• PROBLEM TO SOLVE: Please retype the entries that follow exactly as they are, leaving the images behind.

**** SOURCE INFORMATION

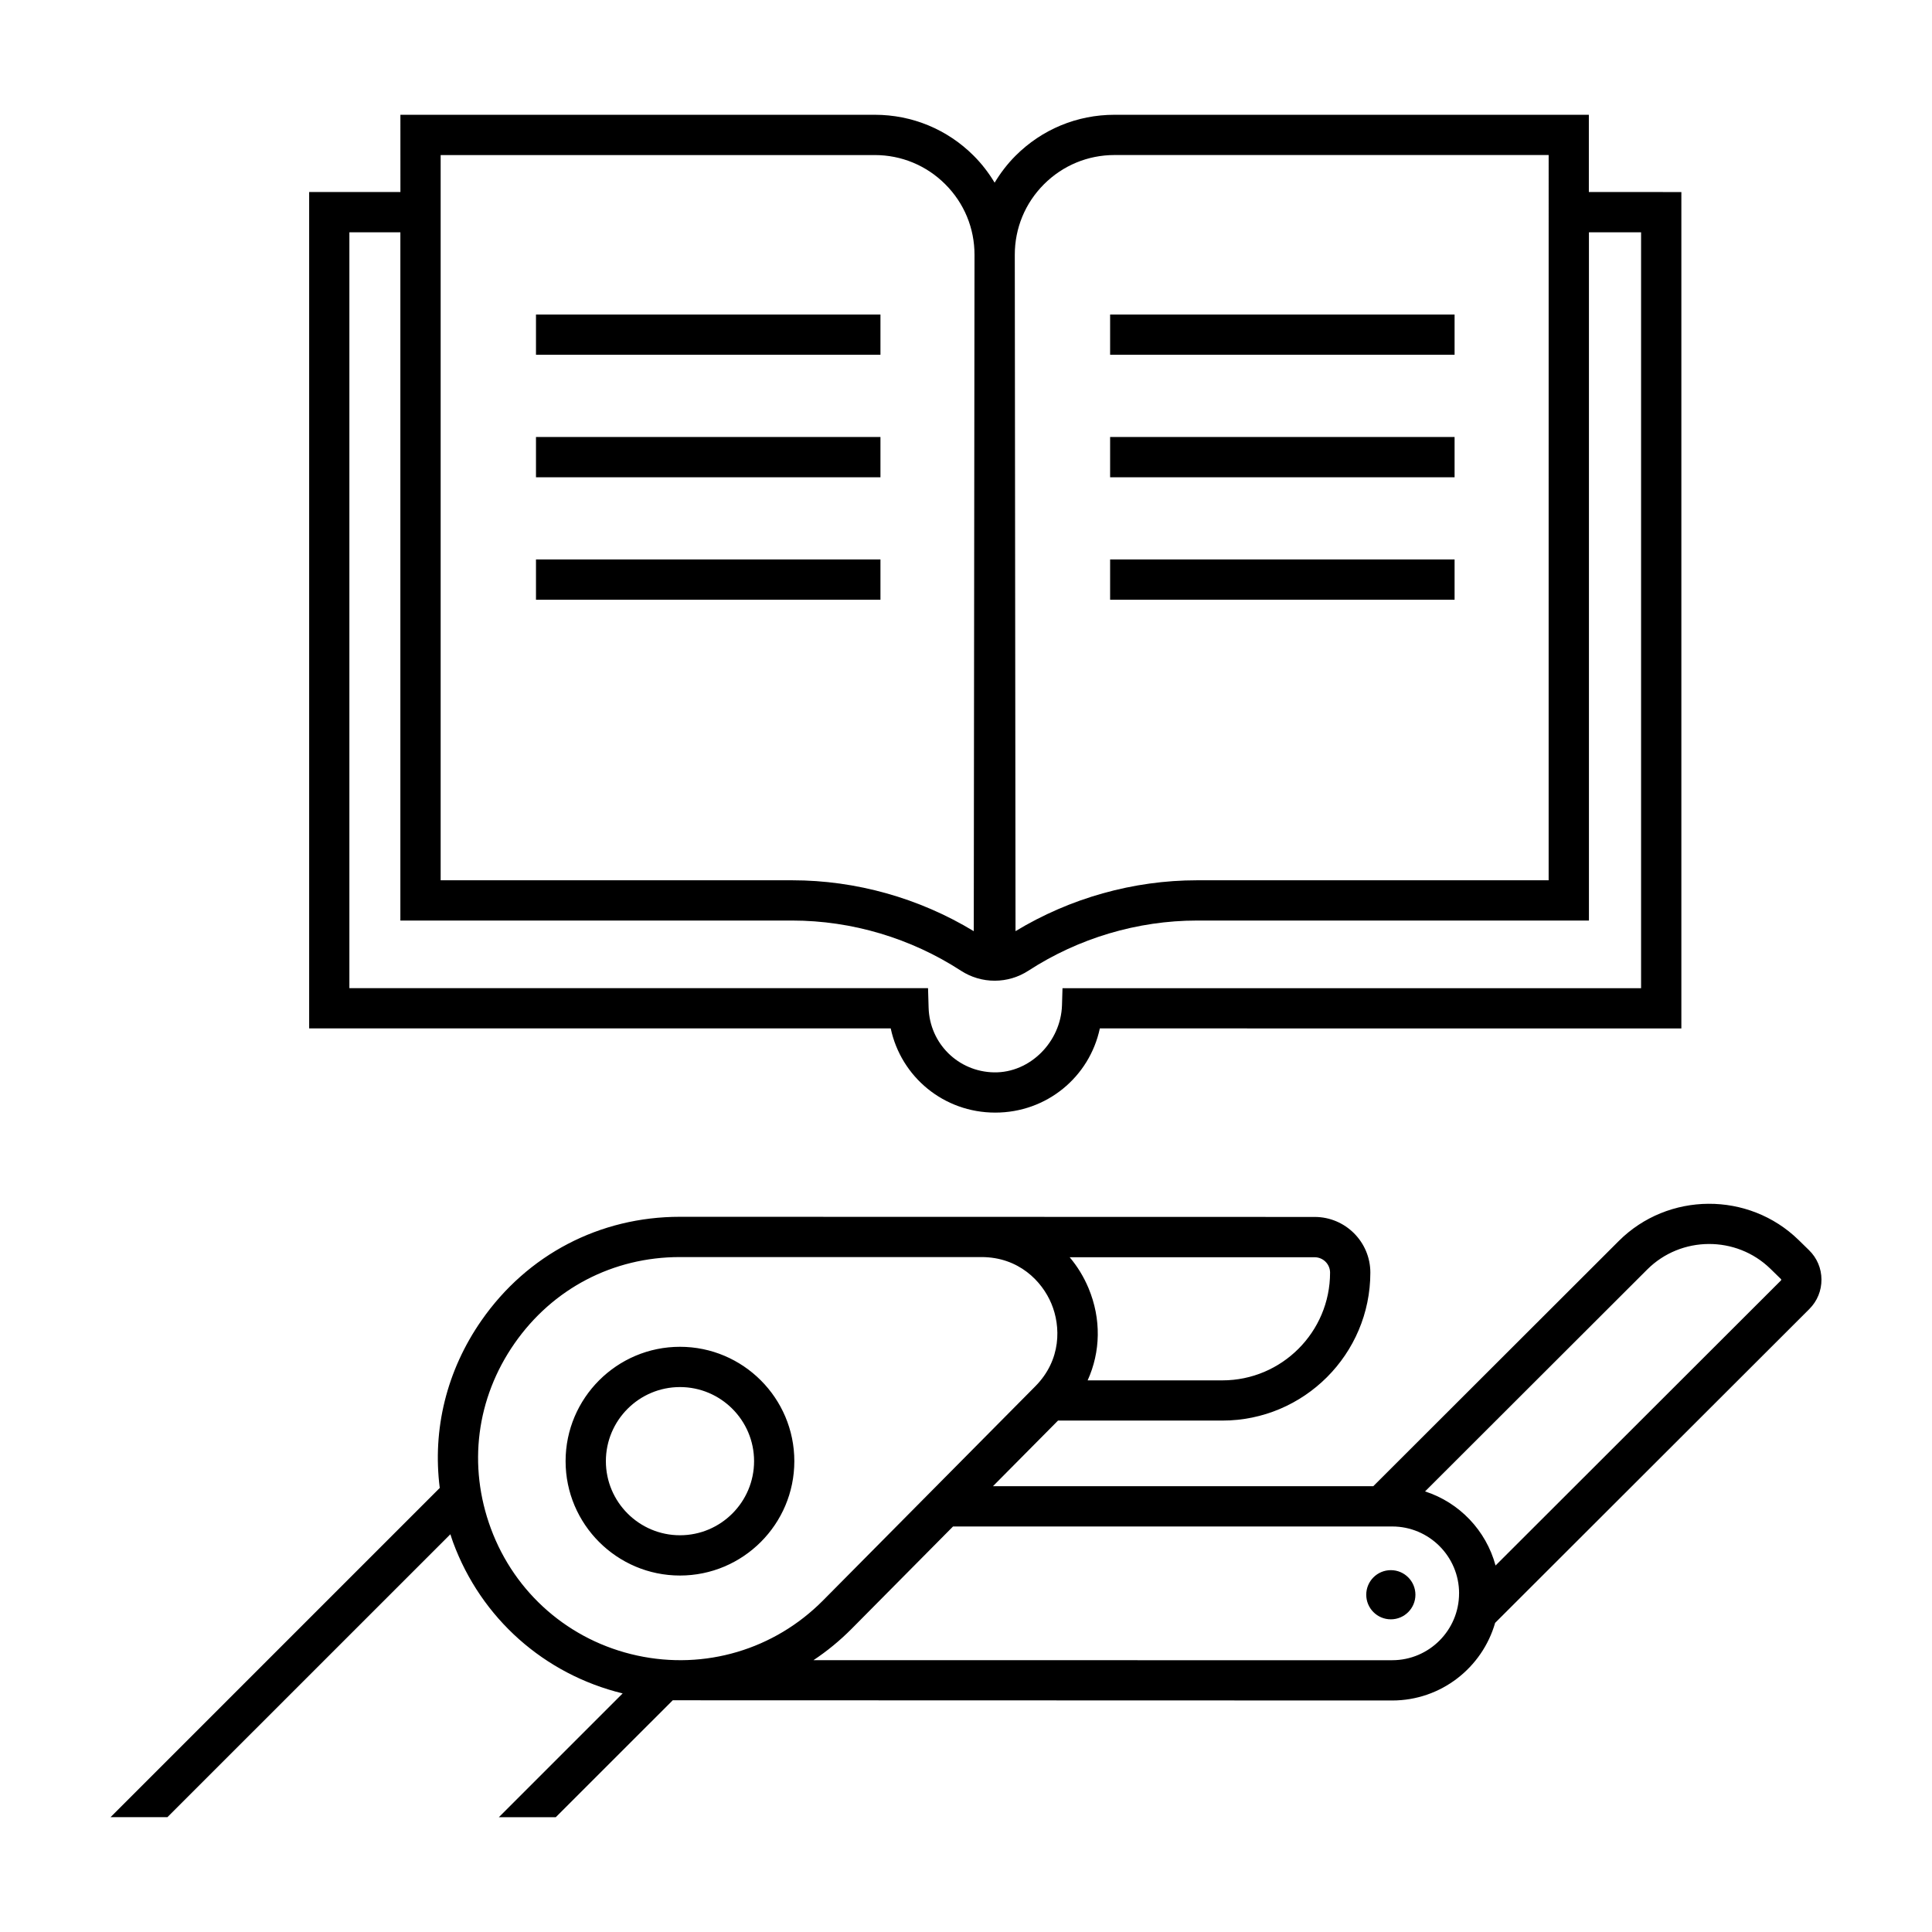 <?xml version="1.0" encoding="UTF-8"?>
<!-- Uploaded to: ICON Repo, www.svgrepo.com, Generator: ICON Repo Mixer Tools -->
<svg fill="#000000" width="800px" height="800px" version="1.1" viewBox="144 144 512 512" xmlns="http://www.w3.org/2000/svg">
 <path d="m529.48 238.02h-91.289v-10.672h91.289zm0 21.789h-91.289v10.672h91.289zm-152.15-32.461h-91.289v10.672h91.289zm0 32.461h-91.289v10.672h91.289zm152.15 32.457h-91.289v10.672h91.289zm-152.15 0h-91.289v10.672h91.289zm212.25-97.371v221.65l-154.11-0.004c-2.742 12.855-14.055 22.312-27.719 22.312-13.648 0-24.957-9.457-27.699-22.312h-154.12v-221.65h24.184l-0.004-20.473h125.71c9.922 0 19.242 3.863 26.25 10.883 2.156 2.16 3.981 4.559 5.516 7.109 1.543-2.551 3.359-4.949 5.516-7.109 7.008-7.019 16.332-10.883 26.25-10.883h125.71v20.469zm-176.65 16.66 0.195 179.21c14.434-8.746 31.188-13.48 48.117-13.48h93.164l0.004-192.2h-115.05c-7.062 0-13.707 2.754-18.703 7.754-4.988 4.996-7.734 11.641-7.727 18.707zm-152.15 165.73h93.164c16.93 0 33.68 4.734 48.117 13.488l0.195-179.22c0.012-7.062-2.734-13.707-7.734-18.707-4.992-4.996-11.633-7.754-18.703-7.754h-115.04zm318.14-171.72h-13.836v182.39h-103.84c-15.824 0-31.469 4.691-44.715 13.297-2.644 1.719-5.727 2.641-8.887 2.648-3.195 0.012-6.316-0.918-8.992-2.656-13.246-8.602-28.883-13.289-44.707-13.289h-103.84v-182.39h-13.512v200.31h153.35l0.152 5.18c0.281 9.492 7.848 16.953 17.305 17.133 9.637 0.18 17.754-8.168 18.043-17.801l0.133-4.508h153.33v-200.31zm44.586 285.33-83.281 83.184c-3.406 11.859-14.328 20.57-27.27 20.57 0 0-190-0.035-190.67-0.055l-31 30.984h-15.078l32.805-32.805c-20.766-5.055-37.5-19.895-44.934-40.027-0.262-0.715-0.484-1.438-0.719-2.152l-74.992 74.98h-15.078l87.254-87.254c-1.977-15.504 1.809-31.117 11.07-44.406 12.152-17.441 31.316-27.449 52.574-27.449l168.22 0.039c8.133 0 14.75 6.621 14.75 14.75 0 21.625-17.594 39.215-39.215 39.215h-43.555l-17.242 17.391h100.79l65.051-64.977c13.062-13.047 34.445-13.168 47.66-0.273l2.769 2.707c2.109 2.055 3.281 4.816 3.293 7.766 0.016 2.957-1.121 5.727-3.207 7.812zm-131.11-13.711h-64.922c2.031 2.402 3.734 5.16 5.012 8.223 3.391 8.137 3.188 16.836-0.25 24.406h35.699c15.738 0 28.547-12.809 28.547-28.547 0-2.254-1.836-4.082-4.086-4.082zm-130.29 90.961 56.258-56.754c6.953-7.019 6.769-15.906 4.277-21.887-2.488-5.981-8.676-12.367-18.551-12.367h-79.914c-17.719 0-33.691 8.34-43.816 22.879-10.133 14.539-12.418 32.41-6.281 49.031 6.352 17.211 20.852 29.805 38.777 33.691 17.93 3.891 36.34-1.566 49.25-14.594zm168.57-1.891c0-9.77-7.949-17.719-17.719-17.719h-116.39l-26.879 27.121c-3.125 3.148-6.516 5.926-10.117 8.316l153.38 0.004c9.773 0 17.719-7.953 17.719-17.723zm85.371-83.102c0-0.109-0.055-0.168-0.082-0.191l-2.777-2.711c-9.059-8.844-23.711-8.758-32.66 0.188l-58.871 58.805c9.098 2.938 16.176 10.352 18.68 19.637l75.625-75.535c0.031-0.023 0.086-0.082 0.086-0.191zm-103.46 76.957c-3.598 0-6.516 2.918-6.516 6.516s2.918 6.516 6.516 6.516c3.598 0 6.516-2.918 6.516-6.516-0.004-3.598-2.918-6.516-6.516-6.516zm-158.08-28.883c0 16.711-13.598 30.309-30.309 30.309-16.711 0-30.309-13.598-30.309-30.309 0-16.711 13.598-30.309 30.309-30.309 16.719 0 30.309 13.598 30.309 30.309zm-10.668 0c0-10.828-8.812-19.637-19.637-19.637-10.828 0-19.637 8.812-19.637 19.637 0 10.828 8.812 19.637 19.637 19.637 10.828 0 19.637-8.812 19.637-19.637z"/>
</svg>

********

• EXERCISE ANSWER:
 <?xml version="1.0" encoding="UTF-8"?>
<!-- Uploaded to: ICON Repo, www.svgrepo.com, Generator: ICON Repo Mixer Tools -->
<svg fill="#000000" width="800px" height="800px" version="1.1" viewBox="144 144 512 512" xmlns="http://www.w3.org/2000/svg">
 <path d="m529.48 238.02h-91.289v-10.672h91.289zm0 21.789h-91.289v10.672h91.289zm-152.15-32.461h-91.289v10.672h91.289zm0 32.461h-91.289v10.672h91.289zm152.15 32.457h-91.289v10.672h91.289zm-152.15 0h-91.289v10.672h91.289zm212.25-97.371v221.65l-154.11-0.004c-2.742 12.855-14.055 22.312-27.719 22.312-13.648 0-24.957-9.457-27.699-22.312h-154.12v-221.65h24.184l-0.004-20.473h125.71c9.922 0 19.242 3.863 26.25 10.883 2.156 2.16 3.981 4.559 5.516 7.109 1.543-2.551 3.359-4.949 5.516-7.109 7.008-7.019 16.332-10.883 26.25-10.883h125.71v20.469zm-176.65 16.66 0.195 179.21c14.434-8.746 31.188-13.48 48.117-13.48h93.164l0.004-192.2h-115.05c-7.062 0-13.707 2.754-18.703 7.754-4.988 4.996-7.734 11.641-7.727 18.707zm-152.15 165.73h93.164c16.93 0 33.68 4.734 48.117 13.488l0.195-179.22c0.012-7.062-2.734-13.707-7.734-18.707-4.992-4.996-11.633-7.754-18.703-7.754h-115.04zm318.14-171.72h-13.836v182.39h-103.84c-15.824 0-31.469 4.691-44.715 13.297-2.644 1.719-5.727 2.641-8.887 2.648-3.195 0.012-6.316-0.918-8.992-2.656-13.246-8.602-28.883-13.289-44.707-13.289h-103.84v-182.39h-13.512v200.31h153.35l0.152 5.18c0.281 9.492 7.848 16.953 17.305 17.133 9.637 0.18 17.754-8.168 18.043-17.801l0.133-4.508h153.33v-200.31zm44.586 285.33-83.281 83.184c-3.406 11.859-14.328 20.57-27.27 20.57 0 0-190-0.035-190.67-0.055l-31 30.984h-15.078l32.805-32.805c-20.766-5.055-37.5-19.895-44.934-40.027-0.262-0.715-0.484-1.438-0.719-2.152l-74.992 74.98h-15.078l87.254-87.254c-1.977-15.504 1.809-31.117 11.07-44.406 12.152-17.441 31.316-27.449 52.574-27.449l168.22 0.039c8.133 0 14.75 6.621 14.75 14.75 0 21.625-17.594 39.215-39.215 39.215h-43.555l-17.242 17.391h100.79l65.051-64.977c13.062-13.047 34.445-13.168 47.66-0.273l2.769 2.707c2.109 2.055 3.281 4.816 3.293 7.766 0.016 2.957-1.121 5.727-3.207 7.812zm-131.11-13.711h-64.922c2.031 2.402 3.734 5.16 5.012 8.223 3.391 8.137 3.188 16.836-0.25 24.406h35.699c15.738 0 28.547-12.809 28.547-28.547 0-2.254-1.836-4.082-4.086-4.082zm-130.29 90.961 56.258-56.754c6.953-7.019 6.769-15.906 4.277-21.887-2.488-5.981-8.676-12.367-18.551-12.367h-79.914c-17.719 0-33.691 8.34-43.816 22.879-10.133 14.539-12.418 32.41-6.281 49.031 6.352 17.211 20.852 29.805 38.777 33.691 17.93 3.891 36.34-1.566 49.25-14.594zm168.57-1.891c0-9.77-7.949-17.719-17.719-17.719h-116.39l-26.879 27.121c-3.125 3.148-6.516 5.926-10.117 8.316l153.38 0.004c9.773 0 17.719-7.953 17.719-17.723zm85.371-83.102c0-0.109-0.055-0.168-0.082-0.191l-2.777-2.711c-9.059-8.844-23.711-8.758-32.66 0.188l-58.871 58.805c9.098 2.938 16.176 10.352 18.68 19.637l75.625-75.535c0.031-0.023 0.086-0.082 0.086-0.191zm-103.46 76.957c-3.598 0-6.516 2.918-6.516 6.516s2.918 6.516 6.516 6.516c3.598 0 6.516-2.918 6.516-6.516-0.004-3.598-2.918-6.516-6.516-6.516zm-158.08-28.883c0 16.711-13.598 30.309-30.309 30.309-16.711 0-30.309-13.598-30.309-30.309 0-16.711 13.598-30.309 30.309-30.309 16.719 0 30.309 13.598 30.309 30.309zm-10.668 0c0-10.828-8.812-19.637-19.637-19.637-10.828 0-19.637 8.812-19.637 19.637 0 10.828 8.812 19.637 19.637 19.637 10.828 0 19.637-8.812 19.637-19.637z"/>
</svg>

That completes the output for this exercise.